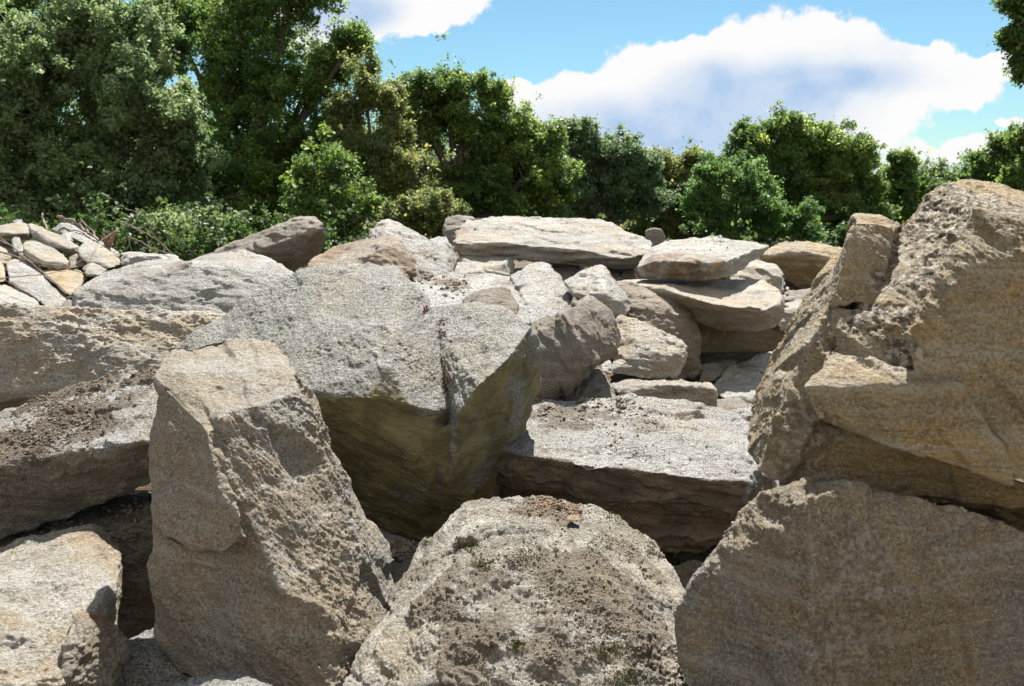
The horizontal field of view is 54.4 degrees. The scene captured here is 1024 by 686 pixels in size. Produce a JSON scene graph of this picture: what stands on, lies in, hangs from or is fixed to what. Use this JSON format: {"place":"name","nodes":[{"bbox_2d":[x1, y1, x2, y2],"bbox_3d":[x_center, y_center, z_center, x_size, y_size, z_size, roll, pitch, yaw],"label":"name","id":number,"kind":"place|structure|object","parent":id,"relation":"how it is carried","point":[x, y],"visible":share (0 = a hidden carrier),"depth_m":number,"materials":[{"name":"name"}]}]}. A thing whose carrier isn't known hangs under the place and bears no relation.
{"place":"outdoors","nodes":[
{"label":"outdoors","id":0,"kind":"place"},
{"bbox_2d":[0,198,1023,564],"bbox_3d":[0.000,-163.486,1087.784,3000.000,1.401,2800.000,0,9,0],"label":"ground","id":1,"kind":"structure","parent":0,"point":[706,358],"depth_m":6.46,"materials":[{"name":"grey soil"}]},
{"bbox_2d":[0,284,38,304],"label":"stone","id":2,"kind":"object","parent":1,"relation":"on","point":[9,294],"visible":0.7,"depth_m":7.22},
{"bbox_2d":[0,262,6,281],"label":"stone","id":3,"kind":"object","parent":2,"relation":"on","point":[3,273],"visible":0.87,"depth_m":7.64,"materials":[{"name":"stone"}]},
{"bbox_2d":[0,246,15,264],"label":"stone","id":4,"kind":"object","parent":3,"relation":"on","point":[4,259],"visible":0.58,"depth_m":8.05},
{"bbox_2d":[0,241,23,256],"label":"stone","id":5,"kind":"object","parent":4,"relation":"on","point":[9,248],"visible":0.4,"depth_m":8.66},
{"bbox_2d":[0,223,31,239],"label":"stone","id":6,"kind":"object","parent":5,"relation":"on","point":[12,230],"visible":0.89,"depth_m":8.67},
{"bbox_2d":[12,219,22,222],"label":"stone","id":7,"kind":"object","parent":6,"relation":"on","point":[17,221],"visible":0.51,"depth_m":9.32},
{"bbox_2d":[11,237,23,252],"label":"stone","id":8,"kind":"object","parent":4,"relation":"on","point":[17,243],"visible":0.86,"depth_m":8.26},
{"bbox_2d":[0,271,63,295],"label":"fallen branch","id":9,"kind":"object","parent":2,"relation":"on","point":[25,275],"visible":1,"depth_m":6.96,"materials":[{"name":"brown wood"}]},
{"bbox_2d":[6,259,66,306],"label":"stone","id":10,"kind":"object","parent":2,"relation":"on","point":[48,292],"visible":0.87,"depth_m":7.55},
{"bbox_2d":[0,240,70,295],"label":"fallen branch","id":11,"kind":"object","parent":10,"relation":"on","point":[34,265],"visible":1,"depth_m":7.10,"materials":[{"name":"brown wood"}]},
{"bbox_2d":[0,237,87,273],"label":"fallen branch","id":12,"kind":"object","parent":10,"relation":"on","point":[34,261],"visible":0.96,"depth_m":7.30,"materials":[{"name":"brown wood"}]},
{"bbox_2d":[43,269,84,294],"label":"stone","id":13,"kind":"object","parent":10,"relation":"on","point":[70,282],"visible":0.87,"depth_m":7.72,"materials":[{"name":"stone"}]},
{"bbox_2d":[23,240,68,269],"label":"stone","id":14,"kind":"object","parent":13,"relation":"on","point":[38,250],"visible":0.85,"depth_m":8.03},
{"bbox_2d":[27,223,78,255],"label":"stone","id":15,"kind":"object","parent":14,"relation":"on","point":[59,243],"visible":0.99,"depth_m":8.46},
{"bbox_2d":[41,213,47,229],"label":"fallen branch","id":16,"kind":"object","parent":15,"relation":"on","point":[43,220],"visible":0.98,"depth_m":9.25,"materials":[{"name":"brown wood"}]},
{"bbox_2d":[61,233,73,241],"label":"stone","id":17,"kind":"object","parent":15,"relation":"on","point":[67,236],"visible":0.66,"depth_m":9.01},
{"bbox_2d":[51,223,119,256],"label":"stone","id":18,"kind":"object","parent":17,"relation":"on","point":[75,233],"visible":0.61,"depth_m":9.26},
{"bbox_2d":[56,215,100,241],"bbox_3d":[-4.006,-1.073,9.272,0.699,0.233,0.104,6,11,35],"label":"fallen branch","id":19,"kind":"object","parent":18,"relation":"on","point":[67,220],"visible":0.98,"depth_m":9.32,"materials":[{"name":"brown wood"}]},
{"bbox_2d":[101,231,116,247],"bbox_3d":[-3.667,-0.939,9.060,0.159,0.165,0.083,0,9,0],"label":"torn root","id":20,"kind":"object","parent":18,"relation":"on","point":[108,241],"visible":0.98,"depth_m":9.04,"materials":[{"name":"red wood"}]},
{"bbox_2d":[68,254,85,268],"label":"stone","id":21,"kind":"object","parent":13,"relation":"on","point":[74,259],"visible":0.84,"depth_m":8.25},
{"bbox_2d":[82,263,106,276],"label":"stone","id":22,"kind":"object","parent":13,"relation":"on","point":[93,270],"visible":0.92,"depth_m":7.94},
{"bbox_2d":[77,242,120,268],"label":"stone","id":23,"kind":"object","parent":22,"relation":"on","point":[102,256],"visible":0.91,"depth_m":8.29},
{"bbox_2d":[70,225,124,267],"bbox_3d":[-3.467,-0.820,8.372,0.106,0.314,1.003,0,9,0],"label":"fallen branch","id":24,"kind":"object","parent":13,"relation":"on","point":[98,243],"visible":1,"depth_m":8.43,"materials":[{"name":"brown wood"}]},
{"bbox_2d":[0,0,121,294],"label":"broadleaf tree","id":25,"kind":"object","parent":1,"relation":"on","point":[36,168],"visible":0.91,"depth_m":16.27,"materials":[{"name":"green plant"}]},
{"bbox_2d":[0,524,122,685],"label":"boulder","id":26,"kind":"object","parent":1,"relation":"on","point":[51,582],"visible":0.75,"depth_m":2.70,"materials":[{"name":"beige stone"}]},
{"bbox_2d":[62,299,71,306],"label":"stone","id":27,"kind":"object","parent":1,"relation":"on","point":[68,303],"visible":0.38,"depth_m":7.00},
{"bbox_2d":[0,492,154,638],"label":"boulder","id":28,"kind":"object","parent":1,"relation":"on","point":[136,614],"visible":0.15,"depth_m":3.28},
{"bbox_2d":[0,495,151,542],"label":"stone chips","id":29,"kind":"object","parent":28,"relation":"on","point":[63,523],"visible":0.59,"depth_m":3.33,"materials":[{"name":"stone"}]},
{"bbox_2d":[0,367,157,539],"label":"boulder","id":30,"kind":"object","parent":28,"relation":"on","point":[33,495],"visible":0.69,"depth_m":3.23,"materials":[{"name":"stone"}]},
{"bbox_2d":[0,368,157,473],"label":"soil clods","id":31,"kind":"object","parent":30,"relation":"on","point":[48,402],"visible":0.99,"depth_m":3.36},
{"bbox_2d":[0,303,224,411],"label":"boulder","id":32,"kind":"object","parent":1,"relation":"on","point":[45,350],"visible":0.5,"depth_m":4.51,"materials":[{"name":"beige stone"}]},
{"bbox_2d":[0,0,224,235],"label":"broadleaf tree","id":33,"kind":"object","parent":1,"relation":"on","point":[27,6],"visible":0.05,"depth_m":21.37,"materials":[{"name":"green plant"}]},
{"bbox_2d":[39,0,229,252],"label":"broadleaf tree","id":34,"kind":"object","parent":1,"relation":"on","point":[149,136],"visible":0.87,"depth_m":16.55,"materials":[{"name":"green plant"}]},
{"bbox_2d":[120,252,177,265],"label":"stone","id":35,"kind":"object","parent":1,"relation":"on","point":[129,258],"visible":0.57,"depth_m":9.04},
{"bbox_2d":[116,208,172,253],"bbox_3d":[-3.379,-1.026,9.151,0.512,0.422,0.022,0,9,0],"label":"fallen branch","id":36,"kind":"object","parent":35,"relation":"on","point":[143,231],"visible":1,"depth_m":9.14,"materials":[{"name":"brown wood"}]},
{"bbox_2d":[124,236,170,253],"bbox_3d":[-3.357,-0.899,9.168,0.438,0.167,0.020,0,9,1],"label":"fallen branch","id":37,"kind":"object","parent":35,"relation":"on","point":[144,244],"visible":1,"depth_m":9.17,"materials":[{"name":"brown wood"}]},
{"bbox_2d":[117,628,192,685],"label":"boulder","id":38,"kind":"object","parent":1,"relation":"on","point":[149,662],"visible":0.41,"depth_m":2.74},
{"bbox_2d":[60,611,130,685],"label":"rock chunk","id":39,"kind":"object","parent":38,"relation":"on","point":[95,649],"visible":0.97,"depth_m":2.51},
{"bbox_2d":[173,672,272,685],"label":"stone","id":40,"kind":"object","parent":38,"relation":"on","point":[223,679],"visible":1,"depth_m":2.38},
{"bbox_2d":[147,338,394,685],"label":"boulder","id":41,"kind":"object","parent":38,"relation":"on","point":[271,560],"visible":0.98,"depth_m":2.66,"materials":[{"name":"beige stone"}]},
{"bbox_2d":[72,250,292,313],"bbox_3d":[-1.984,-0.340,6.341,1.563,0.468,1.137,0,9,0],"label":"boulder","id":42,"kind":"object","parent":1,"relation":"on","point":[222,283],"visible":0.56,"depth_m":6.06,"materials":[{"name":"stone"}]},
{"bbox_2d":[117,203,250,254],"bbox_3d":[-4.693,-0.843,14.416,1.982,2.353,1.066,0,9,0],"label":"leafy bush","id":43,"kind":"object","parent":1,"relation":"on","point":[166,221],"visible":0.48,"depth_m":14.18,"materials":[{"name":"green plant"}]},
{"bbox_2d":[129,0,383,233],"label":"broadleaf tree","id":44,"kind":"object","parent":1,"relation":"on","point":[257,88],"visible":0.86,"depth_m":20.08,"materials":[{"name":"green plant"}]},
{"bbox_2d":[199,216,325,272],"bbox_3d":[-1.889,-0.708,7.602,1.017,0.527,0.801,0,9,0],"label":"boulder","id":45,"kind":"object","parent":1,"relation":"on","point":[294,244],"visible":0.65,"depth_m":7.29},
{"bbox_2d":[277,121,386,253],"bbox_3d":[-2.995,-1.780,16.204,2.035,3.673,1.445,6,11,35],"label":"leafy bush","id":46,"kind":"object","parent":1,"relation":"on","point":[319,177],"visible":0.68,"depth_m":16.14,"materials":[{"name":"green plant"}]},
{"bbox_2d":[170,260,545,542],"bbox_3d":[-0.633,0.219,3.987,1.493,1.053,1.057,3,9,20],"label":"boulder","id":47,"kind":"object","parent":1,"relation":"on","point":[418,447],"visible":0.77,"depth_m":3.64,"materials":[{"name":"stone"}]},
{"bbox_2d":[422,305,455,385],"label":"dry leaves","id":48,"kind":"object","parent":47,"relation":"on","point":[442,332],"visible":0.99,"depth_m":3.83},
{"bbox_2d":[319,44,460,235],"bbox_3d":[-2.347,-3.065,19.206,2.798,5.322,2.022,0,9,0],"label":"broadleaf tree","id":49,"kind":"object","parent":1,"relation":"on","point":[393,172],"visible":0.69,"depth_m":18.78,"materials":[{"name":"green plant"}]},
{"bbox_2d":[379,529,418,609],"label":"stone","id":50,"kind":"object","parent":1,"relation":"on","point":[399,569],"visible":0.12,"depth_m":3.32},
{"bbox_2d":[388,538,417,572],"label":"stone chips","id":51,"kind":"object","parent":50,"relation":"on","point":[395,551],"visible":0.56,"depth_m":3.34,"materials":[{"name":"stone"}]},
{"bbox_2d":[350,182,472,238],"bbox_3d":[-1.639,-1.239,16.009,2.034,2.659,1.183,0,9,0],"label":"leafy bush","id":52,"kind":"object","parent":1,"relation":"on","point":[435,208],"visible":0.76,"depth_m":15.66,"materials":[{"name":"green plant"}]},
{"bbox_2d":[0,158,854,296],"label":"undergrowth","id":53,"kind":"object","parent":1,"relation":"on","point":[185,250],"visible":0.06,"depth_m":13.82,"materials":[{"name":"green plant"}]},
{"bbox_2d":[331,113,534,245],"bbox_3d":[-2.020,-4.069,26.562,7.636,5.117,3.158,0,9,0],"label":"broadleaf tree","id":54,"kind":"object","parent":1,"relation":"on","point":[522,213],"visible":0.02,"depth_m":26.39,"materials":[{"name":"green plant"}]},
{"bbox_2d":[410,271,529,324],"bbox_3d":[-0.284,-0.192,5.955,0.821,0.382,1.655,0,9,0],"label":"boulder","id":55,"kind":"object","parent":1,"relation":"on","point":[488,280],"visible":0.26,"depth_m":5.97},
{"bbox_2d":[307,235,416,278],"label":"boulder","id":56,"kind":"object","parent":55,"relation":"on","point":[391,251],"visible":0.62,"depth_m":6.12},
{"bbox_2d":[408,236,457,274],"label":"boulder","id":57,"kind":"object","parent":55,"relation":"on","point":[436,255],"visible":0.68,"depth_m":6.68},
{"bbox_2d":[366,219,428,248],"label":"boulder","id":58,"kind":"object","parent":57,"relation":"on","point":[409,238],"visible":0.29,"depth_m":7.22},
{"bbox_2d":[417,274,483,298],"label":"stone chips","id":59,"kind":"object","parent":55,"relation":"on","point":[454,284],"visible":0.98,"depth_m":6.01,"materials":[{"name":"stone"}]},
{"bbox_2d":[454,256,514,275],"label":"stone","id":60,"kind":"object","parent":55,"relation":"on","point":[502,266],"visible":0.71,"depth_m":6.77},
{"bbox_2d":[452,216,652,269],"bbox_3d":[0.315,-0.749,7.353,1.484,0.359,1.070,0,9,0],"label":"rock slab","id":61,"kind":"object","parent":60,"relation":"on","point":[583,241],"visible":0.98,"depth_m":7.04,"materials":[{"name":"stone"}]},
{"bbox_2d":[462,286,518,313],"bbox_3d":[-0.119,-0.230,5.288,0.288,0.127,0.663,-1,9,-7],"label":"rock chunk","id":62,"kind":"object","parent":55,"relation":"on","point":[502,296],"visible":0.66,"depth_m":5.17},
{"bbox_2d":[510,261,572,325],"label":"boulder","id":63,"kind":"object","parent":55,"relation":"on","point":[541,287],"visible":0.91,"depth_m":6.00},
{"bbox_2d":[0,32,967,251],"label":"woodland","id":64,"kind":"object","parent":1,"relation":"on","point":[181,208],"depth_m":32.91,"materials":[{"name":"green plant"}]},
{"bbox_2d":[394,58,586,218],"bbox_3d":[-0.497,-3.342,21.214,4.232,5.293,2.078,0,9,0],"label":"oak tree","id":65,"kind":"object","parent":1,"relation":"on","point":[495,157],"visible":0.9,"depth_m":20.80,"materials":[{"name":"green plant"}]},
{"bbox_2d":[343,495,686,685],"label":"boulder","id":66,"kind":"object","parent":1,"relation":"on","point":[391,652],"visible":0.91,"depth_m":2.50,"materials":[{"name":"stone"}]},
{"bbox_2d":[398,504,677,685],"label":"soil crumbs","id":67,"kind":"object","parent":66,"relation":"on","point":[548,653],"visible":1,"depth_m":2.45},
{"bbox_2d":[418,505,660,685],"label":"moss","id":68,"kind":"object","parent":66,"relation":"on","point":[516,643],"visible":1,"depth_m":2.61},
{"bbox_2d":[509,495,599,529],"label":"gravel crumbs","id":69,"kind":"object","parent":66,"relation":"on","point":[572,509],"visible":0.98,"depth_m":3.09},
{"bbox_2d":[567,515,580,520],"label":"stone","id":70,"kind":"object","parent":66,"relation":"on","point":[573,518],"visible":1,"depth_m":2.90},
{"bbox_2d":[452,246,661,301],"bbox_3d":[0.394,-0.587,8.190,1.916,0.527,0.776,0,9,0],"label":"boulder","id":71,"kind":"object","parent":1,"relation":"on","point":[520,265],"visible":0.02,"depth_m":8.10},
{"bbox_2d":[442,215,474,243],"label":"boulder","id":72,"kind":"object","parent":71,"relation":"on","point":[452,225],"visible":0.62,"depth_m":7.87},
{"bbox_2d":[645,228,664,246],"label":"stone","id":73,"kind":"object","parent":71,"relation":"on","point":[655,236],"visible":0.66,"depth_m":8.17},
{"bbox_2d":[551,264,580,281],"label":"stone","id":74,"kind":"object","parent":1,"relation":"on","point":[566,271],"visible":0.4,"depth_m":7.02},
{"bbox_2d":[534,113,680,225],"bbox_3d":[2.209,-3.375,24.314,3.851,4.412,1.992,0,9,0],"label":"broadleaf tree","id":75,"kind":"object","parent":1,"relation":"on","point":[626,168],"visible":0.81,"depth_m":23.85,"materials":[{"name":"green plant"}]},
{"bbox_2d":[607,268,621,278],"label":"stone","id":76,"kind":"object","parent":1,"relation":"on","point":[615,273],"visible":0.32,"depth_m":7.09,"materials":[{"name":"beige stone"}]},
{"bbox_2d":[620,268,636,279],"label":"stone","id":77,"kind":"object","parent":76,"relation":"on","point":[627,274],"visible":0.87,"depth_m":7.04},
{"bbox_2d":[496,393,779,553],"bbox_3d":[0.482,0.543,4.265,1.408,0.462,1.260,0,9,0],"label":"boulder","id":78,"kind":"object","parent":1,"relation":"on","point":[699,499],"visible":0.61,"depth_m":3.78,"materials":[{"name":"stone"}]},
{"bbox_2d":[530,295,620,402],"bbox_3d":[0.265,0.050,5.083,0.553,0.587,0.679,3,9,17],"label":"boulder","id":79,"kind":"object","parent":78,"relation":"on","point":[580,340],"visible":0.77,"depth_m":4.83,"materials":[{"name":"stone"}]},
{"bbox_2d":[559,368,618,401],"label":"stone","id":80,"kind":"object","parent":78,"relation":"on","point":[596,383],"visible":0.6,"depth_m":5.09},
{"bbox_2d":[601,360,611,373],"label":"stone","id":81,"kind":"object","parent":80,"relation":"on","point":[606,366],"visible":0.84,"depth_m":5.36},
{"bbox_2d":[532,395,661,430],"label":"stone chips","id":82,"kind":"object","parent":78,"relation":"on","point":[584,406],"visible":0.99,"depth_m":4.54,"materials":[{"name":"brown rock"}]},
{"bbox_2d":[531,398,706,482],"bbox_3d":[0.414,0.387,4.225,1.078,0.132,1.198,0,9,0],"label":"grit","id":83,"kind":"object","parent":78,"relation":"on","point":[614,441],"visible":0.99,"depth_m":4.14,"materials":[{"name":"gravel"}]},
{"bbox_2d":[617,281,702,380],"bbox_3d":[0.896,-0.085,6.309,0.607,0.610,0.798,0,9,0],"label":"boulder","id":84,"kind":"object","parent":1,"relation":"on","point":[661,312],"visible":0.45,"depth_m":6.10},
{"bbox_2d":[612,378,717,406],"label":"boulder","id":85,"kind":"object","parent":1,"relation":"on","point":[706,393],"visible":0.69,"depth_m":5.20,"materials":[{"name":"beige stone"}]},
{"bbox_2d":[612,315,687,379],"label":"boulder","id":86,"kind":"object","parent":85,"relation":"on","point":[647,351],"visible":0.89,"depth_m":5.45,"materials":[{"name":"beige stone"}]},
{"bbox_2d":[564,265,629,317],"bbox_3d":[0.517,-0.323,6.075,0.409,0.294,0.657,0,9,0],"label":"rock chunk","id":87,"kind":"object","parent":86,"relation":"on","point":[599,283],"visible":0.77,"depth_m":5.92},
{"bbox_2d":[620,136,724,240],"bbox_3d":[4.504,-3.552,26.826,3.292,4.009,1.983,0,9,0],"label":"broadleaf tree","id":88,"kind":"object","parent":1,"relation":"on","point":[677,172],"visible":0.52,"depth_m":26.48,"materials":[{"name":"green plant"}]},
{"bbox_2d":[672,560,702,589],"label":"stone","id":89,"kind":"object","parent":1,"relation":"on","point":[686,570],"visible":0.06,"depth_m":3.64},
{"bbox_2d":[699,360,736,381],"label":"stone","id":90,"kind":"object","parent":1,"relation":"on","point":[712,372],"visible":0.92,"depth_m":6.22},
{"bbox_2d":[716,398,752,409],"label":"stone","id":91,"kind":"object","parent":1,"relation":"on","point":[729,403],"visible":0.64,"depth_m":5.37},
{"bbox_2d":[695,304,789,351],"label":"boulder","id":92,"kind":"object","parent":1,"relation":"on","point":[717,340],"visible":0.23,"depth_m":6.75,"materials":[{"name":"stone"}]},
{"bbox_2d":[622,279,784,331],"bbox_3d":[1.360,-0.260,6.551,1.063,0.307,1.026,-8,12,-42],"label":"rock slab","id":93,"kind":"object","parent":92,"relation":"on","point":[748,305],"visible":0.82,"depth_m":6.23,"materials":[{"name":"beige stone"}]},
{"bbox_2d":[637,236,768,281],"bbox_3d":[1.282,-0.587,6.837,0.696,0.256,1.208,5,10,30],"label":"rock slab","id":94,"kind":"object","parent":93,"relation":"on","point":[697,263],"visible":1,"depth_m":6.48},
{"bbox_2d":[667,236,747,257],"bbox_3d":[1.357,-0.659,6.804,0.509,0.104,1.126,4,9,24],"label":"grit","id":95,"kind":"object","parent":94,"relation":"on","point":[706,247],"visible":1,"depth_m":6.96,"materials":[{"name":"stone"}]},
{"bbox_2d":[581,154,903,246],"bbox_3d":[6.394,-3.976,29.728,12.489,3.981,3.938,0,9,0],"label":"broadleaf tree","id":96,"kind":"object","parent":1,"relation":"on","point":[769,242],"depth_m":29.42,"materials":[{"name":"green plant"}]},
{"bbox_2d":[713,351,771,404],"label":"boulder","id":97,"kind":"object","parent":1,"relation":"on","point":[736,385],"visible":0.45,"depth_m":5.99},
{"bbox_2d":[730,360,762,377],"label":"stone chips","id":98,"kind":"object","parent":97,"relation":"on","point":[747,365],"visible":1,"depth_m":6.28,"materials":[{"name":"stone"}]},
{"bbox_2d":[675,138,829,242],"bbox_3d":[4.867,-2.383,20.423,3.136,3.602,1.626,0,9,0],"label":"leafy bush","id":99,"kind":"object","parent":1,"relation":"on","point":[751,189],"visible":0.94,"depth_m":20.10,"materials":[{"name":"green plant"}]},
{"bbox_2d":[756,257,801,301],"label":"boulder","id":100,"kind":"object","parent":1,"relation":"on","point":[791,286],"depth_m":8.39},
{"bbox_2d":[759,241,841,288],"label":"boulder","id":101,"kind":"object","parent":100,"relation":"on","point":[799,264],"visible":0.47,"depth_m":7.99,"materials":[{"name":"stone"}]},
{"bbox_2d":[778,299,801,330],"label":"boulder","id":102,"kind":"object","parent":1,"relation":"on","point":[790,312],"visible":0.23,"depth_m":6.72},
{"bbox_2d":[730,260,785,292],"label":"boulder","id":103,"kind":"object","parent":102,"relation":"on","point":[772,274],"visible":0.5,"depth_m":7.25,"materials":[{"name":"beige stone"}]},
{"bbox_2d":[690,100,902,247],"bbox_3d":[6.768,-3.446,23.896,4.954,4.698,2.284,0,9,0],"label":"broadleaf tree","id":104,"kind":"object","parent":1,"relation":"on","point":[822,163],"visible":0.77,"depth_m":23.34,"materials":[{"name":"green plant"}]},
{"bbox_2d":[783,288,809,301],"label":"stone","id":105,"kind":"object","parent":1,"relation":"on","point":[790,295],"visible":0.66,"depth_m":7.50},
{"bbox_2d":[673,478,1023,685],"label":"boulder","id":106,"kind":"object","parent":1,"relation":"on","point":[804,582],"visible":1,"depth_m":2.12,"materials":[{"name":"grey stone"}]},
{"bbox_2d":[747,179,1023,531],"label":"boulder","id":107,"kind":"object","parent":106,"relation":"on","point":[896,364],"visible":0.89,"depth_m":2.26,"materials":[{"name":"stone"}]},
{"bbox_2d":[879,146,939,224],"bbox_3d":[9.483,-3.095,24.839,2.227,3.688,1.442,0,9,0],"label":"slender tree","id":108,"kind":"object","parent":1,"relation":"on","point":[900,169],"visible":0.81,"depth_m":24.45,"materials":[{"name":"green plant"}]},
{"bbox_2d":[911,150,1007,196],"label":"broadleaf tree","id":109,"kind":"object","parent":1,"relation":"on","point":[943,165],"visible":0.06,"depth_m":32.28,"materials":[{"name":"green plant"}]},
{"bbox_2d":[956,119,1021,182],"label":"slender tree","id":110,"kind":"object","parent":1,"relation":"on","point":[986,162],"visible":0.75,"depth_m":25.47,"materials":[{"name":"green plant"}]},
{"bbox_2d":[982,122,1023,191],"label":"broadleaf tree","id":111,"kind":"object","parent":1,"relation":"on","point":[1012,176],"visible":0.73,"depth_m":18.67,"materials":[{"name":"green plant"}]},
{"bbox_2d":[986,0,1023,88],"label":"broadleaf tree","id":112,"kind":"object","parent":1,"relation":"on","point":[1010,38],"visible":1,"depth_m":12.51,"materials":[{"name":"green plant"}]},
{"bbox_2d":[34,0,1023,175],"label":"sky","id":113,"kind":"structure","parent":0,"point":[921,74],"materials":[{"name":"blue"}]}
]}

═══

WHAT YOU NEED TO DO
In the records above, find every line containing the word "grey" and show it.

RESPONSE BELOW
{"bbox_2d":[0,198,1023,564],"bbox_3d":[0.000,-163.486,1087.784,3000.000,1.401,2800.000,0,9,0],"label":"ground","id":1,"kind":"structure","parent":0,"point":[706,358],"depth_m":6.46,"materials":[{"name":"grey soil"}]},
{"bbox_2d":[673,478,1023,685],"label":"boulder","id":106,"kind":"object","parent":1,"relation":"on","point":[804,582],"visible":1,"depth_m":2.12,"materials":[{"name":"grey stone"}]},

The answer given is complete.